Orang-Orang Batik Usia Senja
Belakang Keraton Yogyakarta
Masih dengan hati ia memainkan canting
malam yang bening. Meniupnya sesekali
menusuknya dengan ijuk, membuang karat daki
begitu khusyuk. Kadang bersila, atau bersimpuh
seperti luluh (menitiskan ruh)
janji sehidup semati lirik sidamukti
merawat kawung, kiblat tak pernah suwung
Masih dengan sabar ia melukis prasasti
stupa candi, mawar teratai, sampai kijang
dalam dongeng bahari. "Biarlah jika uban
dan keriput sudah mengunci. Akan kusambung
guratan pujangga, kisah suci Mahabharata
menjadi sari sutera, permadani tanah Jawa."
Maka, ia tersenyum (kendati leher tanpa kalung)
santun dengan nasib yang terus mengapung
Masih dengan bijak ia merangkak
dari hari ke hari, mori demi mori
tanpa sangsi. “Nanti selimuti tubuhku
dengan kain panjang. Ikat daguku dengan selendang
seperti dulu ketika ditimang
lahir ke bumi
dengan telanjang.”
Kini, aku menunduk. Ngapurancang dan takluk.
Disini masih ada cinta. Masih ada jari
meracik pernik cantik, membatik wajah Srikandi
menatahnya sebagai wasiat di atas kening sendiri
1997
Analisis Puisi:
Puisi "Orang-Orang Batik Usia Senja" karya Iman Budhi Santosa menggambarkan kehidupan para pembatik tua yang tetap berkarya dengan penuh kesabaran dan ketekunan. Puisi ini menghadirkan gambaran yang puitis tentang perjalanan hidup, dedikasi, dan filosofi mendalam yang terkandung dalam seni membatik.
Tema Puisi
Puisi ini memiliki beberapa tema utama, di antaranya:
- Ketekunan dan Kesabaran – Pembatik usia senja tetap berkarya dengan penuh dedikasi meskipun usia telah lanjut.
- Warisan Budaya dan Tradisi – Seni membatik bukan sekadar pekerjaan, tetapi juga merupakan bentuk warisan budaya yang mengandung nilai filosofis dan spiritual.
- Kehidupan dan Kematian – Puisi ini menggambarkan perjalanan hidup, dari kelahiran hingga kematian, yang diibaratkan seperti sehelai kain batik yang terus digoreskan motifnya.

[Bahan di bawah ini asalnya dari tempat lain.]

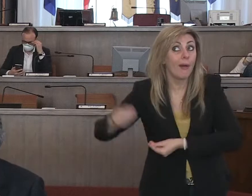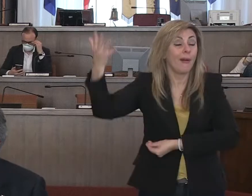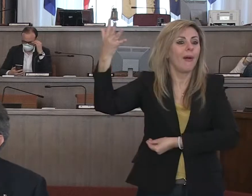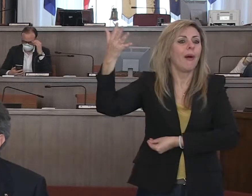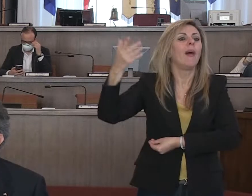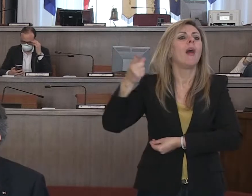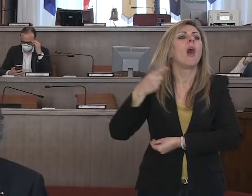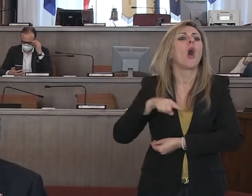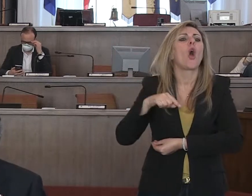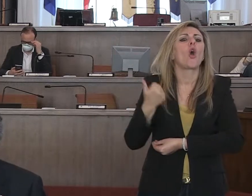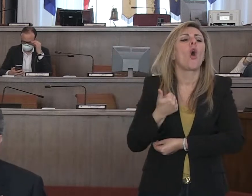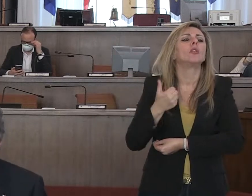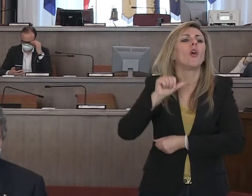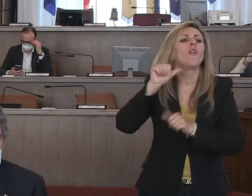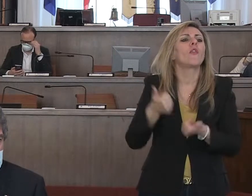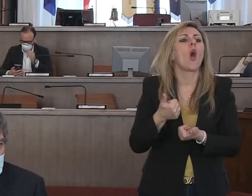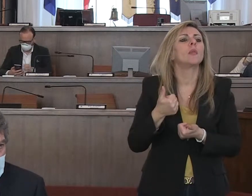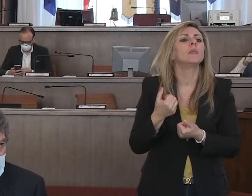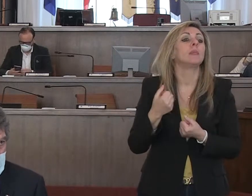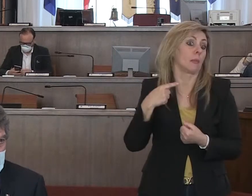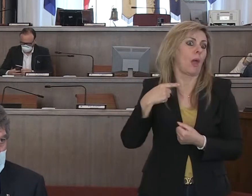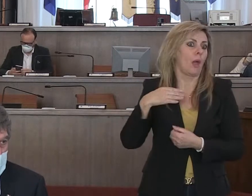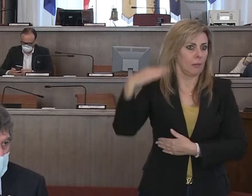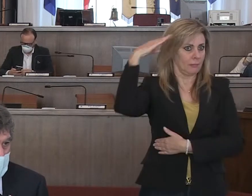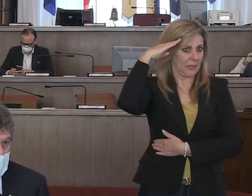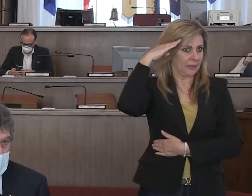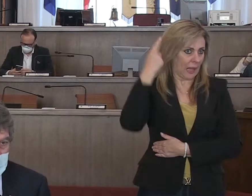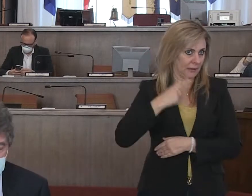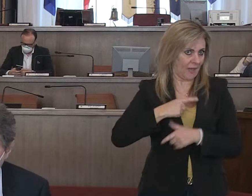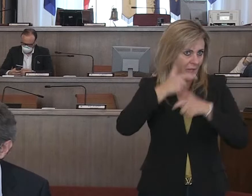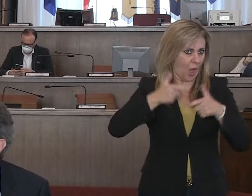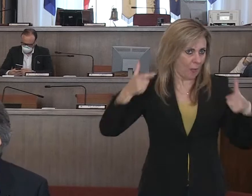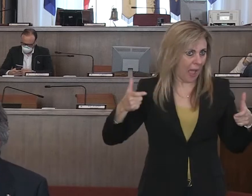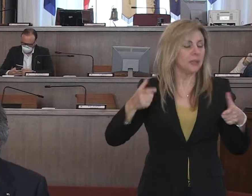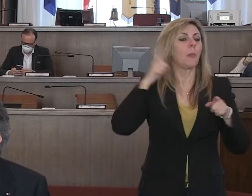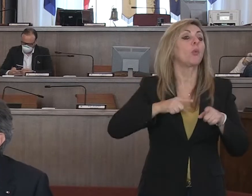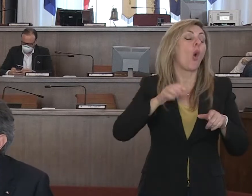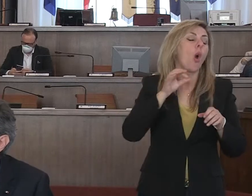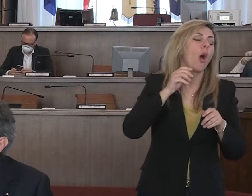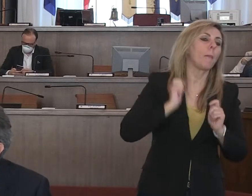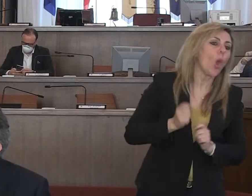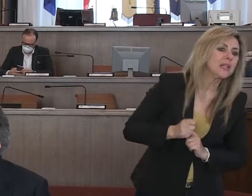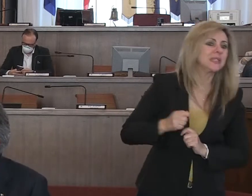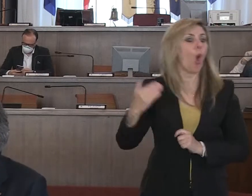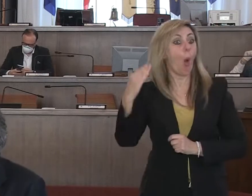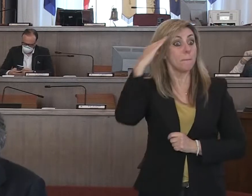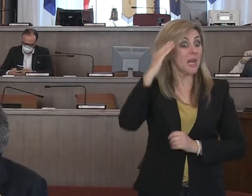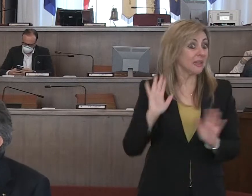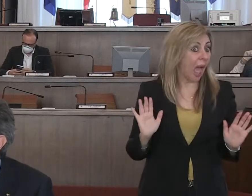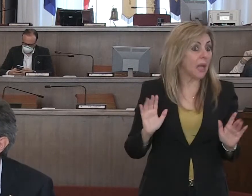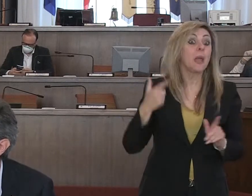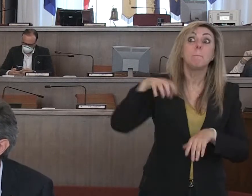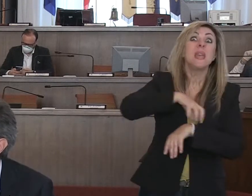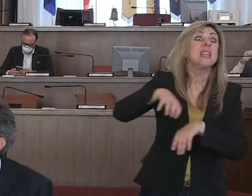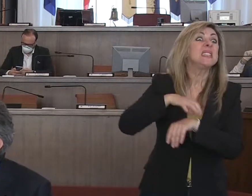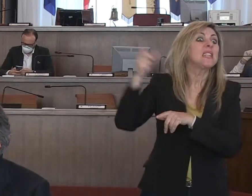eseguite con il concorso delle forze dell'ordine se non addirittura delle forze armate e quindi se poi il Ministero
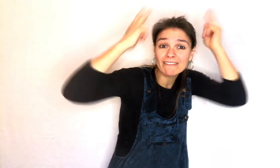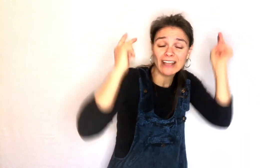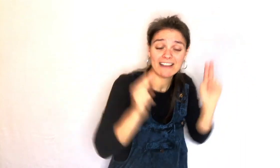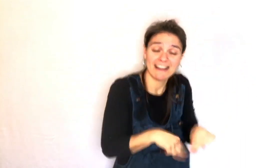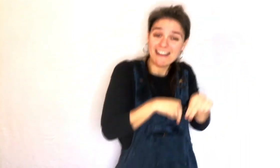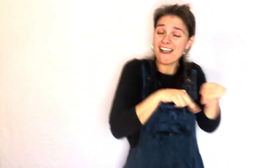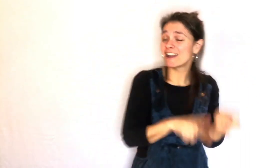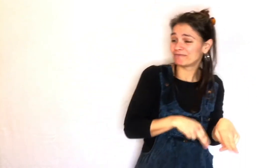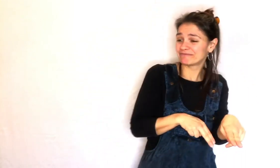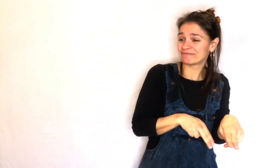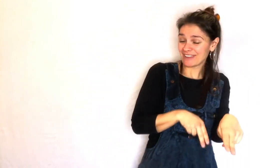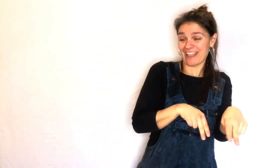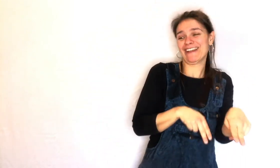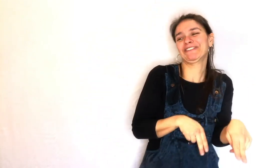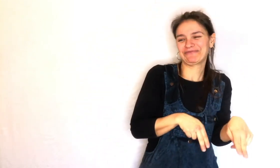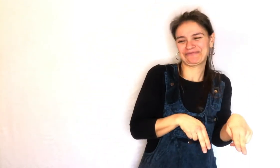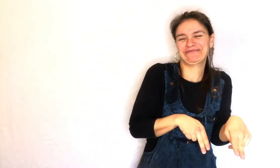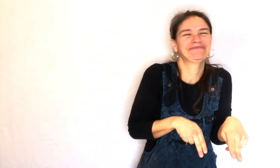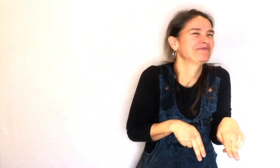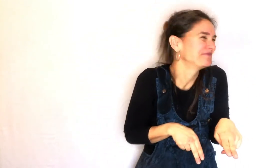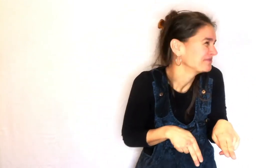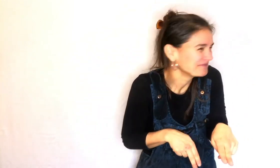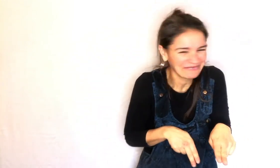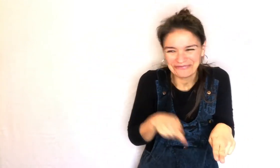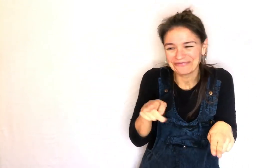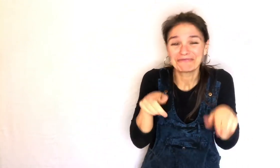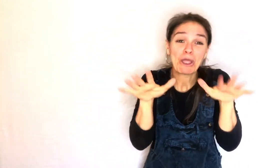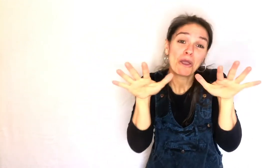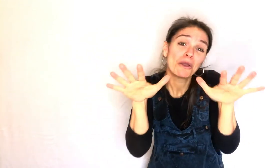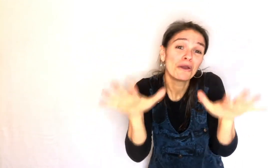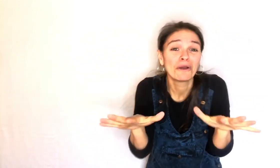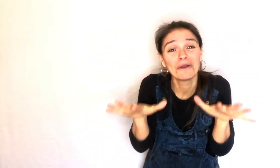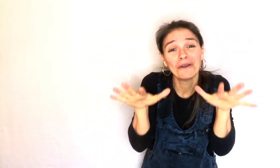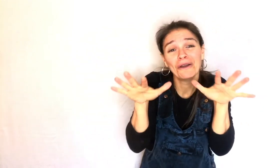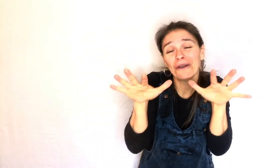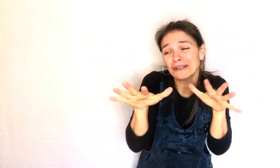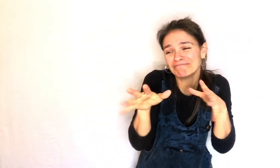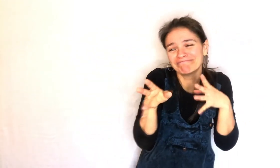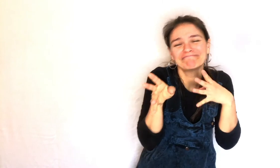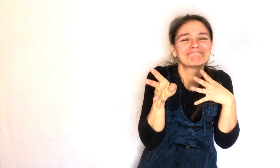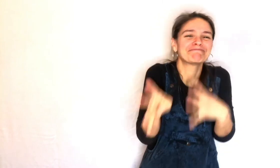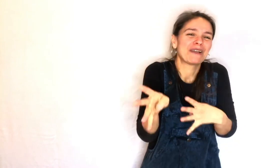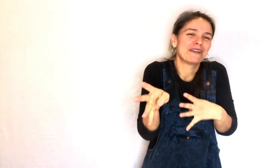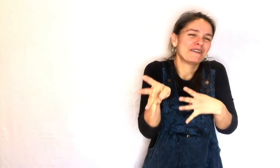et qui ne traînait qu'avec peine, se mit à se moquer d'elle et de sa lenteur.

- Ketulusan dan Kepasrahan – Para pembatik menerima nasib mereka dengan ketenangan dan tetap menghargai proses hidup.
Puisi ini berbicara tentang dedikasi dan ketulusan para pembatik dalam menjalani kehidupan mereka.
Makna Tersirat
Di balik keindahan kata-kata dalam puisi ini, terdapat beberapa makna tersirat:
- Batik sebagai Simbol Kehidupan – Proses membatik diibaratkan seperti perjalanan hidup manusia. Setiap goresan memiliki makna dan setiap motif adalah bagian dari kisah panjang yang terus berlanjut.
- Kebijaksanaan dalam Usia Senja – Para pembatik tua dalam puisi ini digambarkan sebagai sosok yang penuh kebijaksanaan, menerima hidup dengan ketulusan, dan tetap menjaga tradisi dengan sepenuh hati.
- Seni Batik sebagai Wasiat Budaya – Membatik bukan sekadar pekerjaan, tetapi juga bentuk wasiat budaya yang diwariskan dari generasi ke generasi.
- Refleksi atas Kehidupan dan Kematian – Ada pesan tentang keterhubungan antara hidup dan mati, seperti yang tersirat dalam baris "Nanti selimuti tubuhku dengan kain panjang. Ikat daguku dengan selendang." yang menggambarkan kain batik sebagai bagian dari prosesi kematian, mengingatkan bahwa manusia lahir dengan telanjang dan akhirnya kembali dengan kain pembungkus.
Puisi ini bercerita tentang kehidupan para pembatik tua yang tetap berkarya dengan kesabaran dan ketulusan, meskipun usia telah lanjut. Mereka tidak hanya menciptakan motif-motif indah, tetapi juga menyulam sejarah dan filosofi kehidupan ke dalam kain yang mereka buat.
Puisi ini juga menjadi refleksi tentang bagaimana manusia menjalani hidup, menerima nasib, dan mewariskan nilai-nilai kepada generasi berikutnya. Dengan bahasa yang indah dan penuh makna, Iman Budhi Santosa mengajak pembaca untuk menghargai seni batik sebagai bagian dari perjalanan hidup yang sarat dengan filosofi dan kebijaksanaan.